A little further but heading your way is our place.......................

http://www.motorhomefacts.com/modules.php?name=Campsites&op=display_results&csid=4084

Ray.


----------



## bognormike (May 10, 2005)

Hi Vanny

It may be worth just turning up at the Pont Leveque site - even in the peak season they would probably fit you in. But there should be loads of places (inc Municipals) if you don't want an aire (and some of these in popular places may be full by the time you get there).

Have a look on the MHF sites guide and pull off a few details in the area and print them off.


----------



## vanny (Feb 23, 2009)

Ray,

Thanks but looking at the map I think you are just a bit too out of our way.

looks good though.

thanks

Paul


----------



## Zebedee (Oct 3, 2007)

>> This << Aire at Honfleur would be our choice.

It's very large and also has an overspill part next door.

An easy five minute stroll into Honfleur which is a delightful little town for an evening stretch of the legs and a glass of something tasty. :wink:

Almost no detour either and about 170 miles from Calais.

Dave


----------



## vanny (Feb 23, 2009)

Thanks Dave, that sounds spot on!

Paul


----------



## Zebedee (Oct 3, 2007)

Glad to help Vanny.

It's very popular and gets a bit scruffy at times, but it's so big you are almost sure to find a spot.

If you haven't been to Honfleur it's almost a "must see".

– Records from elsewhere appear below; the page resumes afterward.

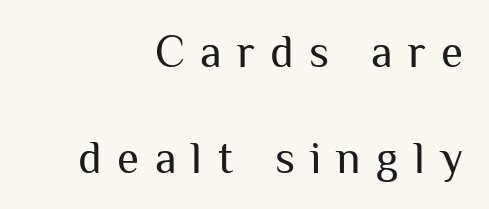
Q: Is the text bold? A: No.
Q: Is the text italic (slanted)? A: No, it is upright.
Q: Is the typeface a serif or a sans-serif typeface? A: Sans-serif.
Q: Is the text underlined? A: No.
Q: How is the paragraph aligned? A: Right-aligned.
Q: Is the spacing between letters normal or unusually wide? A: Unusually wide.
Q: Is the spacing between lines tight, normal or loose? A: Loose.
Q: Width (condensed, normal, or wide)? A: Normal.
Q: Stroke contrast? A: Medium.
Q: x-height? A: Medium.
Q: Monospaced? A: No.
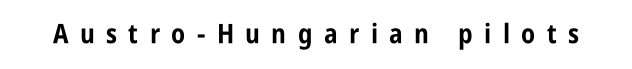
Q: Is the text bold? A: Yes.
Q: Is the text italic (slanted)? A: No, it is upright.
Q: Is the text underlined? A: No.
Q: Is the spacing between letters normal or unusually wide? A: Unusually wide.
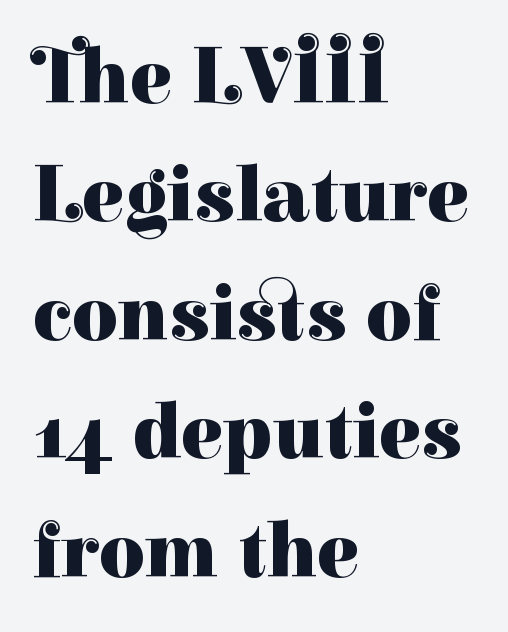
Q: Is the text bold? A: Yes.
Q: Is the text italic (slanted)? A: No, it is upright.
Q: Is the typeface a serif or a sans-serif typeface? A: Serif.
Q: Is the text underlined? A: No.
Q: How is the paragraph aligned? A: Left-aligned.
Q: Is the spacing between letters normal or unusually wide? A: Normal.
Q: Is the spacing between lines tight, normal or loose? A: Normal.
Q: Width (condensed, normal, or wide)? A: Normal.
Q: Stroke contrast? A: High.
Q: x-height? A: Medium.
Q: Monospaced? A: No.

Head for Le Vieux Bassin - and hope the Viking Longship replica is still there. :wink: 

Dave


----------



## KeithChesterfield (Mar 12, 2010)

Honfleur is now €9 per night inc EHU.

Over the bridge and room for over 200 MHs.


----------



## rugbyken (Jan 16, 2006)

the main aire at honfleurjust after the lidl should tick most boxes, and the wooden cathedral built by the shipwrights is well worth a look, but just in case at the island to turn down to honfleur after the pont de normandy, if you turn right in about a mile on the left at fiquefleur there is another aire not normally as crowded.


----------



## ojibway (May 9, 2005)

Hi Vanny
Honfleur is a great place to stop and spend a couple of days. Gets very full but you can usually find a spot though probably all the electric points will have been taken!
At le Mont Saint Michel there is a huge aire just by the Mont or you can stay at the private aire next to the campsite. Its like a proper campsite but for motorhomes only - very reasonable (7eu last time we were there) and electric hookups and water included!
Have a great time! 
We are off to France in 10 days, heading whichever way the van chooses to go!
Mike and Annie


----------



## spencer (Feb 2, 2009)

Hi vanny,


Deauville(unoffical Aire) at the marina FREE you can generally get in there, or try Arromanche next to the 360 degree cinema on top of the cliffs ( lovely views ) there is an aire in the town but always crowded but they allow you to use the car park oppersite, and last of all there is a campsite in the town all well sign posted. good luck hope this helps.

Regards Bryn


----------